## Provided data
• • • • •

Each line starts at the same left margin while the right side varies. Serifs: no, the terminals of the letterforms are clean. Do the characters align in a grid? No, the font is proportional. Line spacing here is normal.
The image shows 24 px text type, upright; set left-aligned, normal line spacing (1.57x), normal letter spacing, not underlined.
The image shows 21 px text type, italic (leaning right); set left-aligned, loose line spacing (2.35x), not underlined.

• • • • •

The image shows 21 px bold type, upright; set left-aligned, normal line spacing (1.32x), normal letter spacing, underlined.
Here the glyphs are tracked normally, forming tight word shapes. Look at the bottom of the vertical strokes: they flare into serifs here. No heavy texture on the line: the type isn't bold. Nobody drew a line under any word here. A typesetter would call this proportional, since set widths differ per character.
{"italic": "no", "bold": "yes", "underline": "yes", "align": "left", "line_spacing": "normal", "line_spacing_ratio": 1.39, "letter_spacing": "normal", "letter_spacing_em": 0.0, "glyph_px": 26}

• • • • •

## Instructions to follow
Starting at the line above that contains "The image shows 24", write out each line exactly until the line that contains "The image shows 21 px text" has been written, and stop there.

## Exercise result
The image shows 24 px text type, upright; set left-aligned, normal line spacing (1.57x), normal letter spacing, not underlined.
The image shows 21 px text type, italic (leaning right); set left-aligned, loose line spacing (2.35x), not underlined.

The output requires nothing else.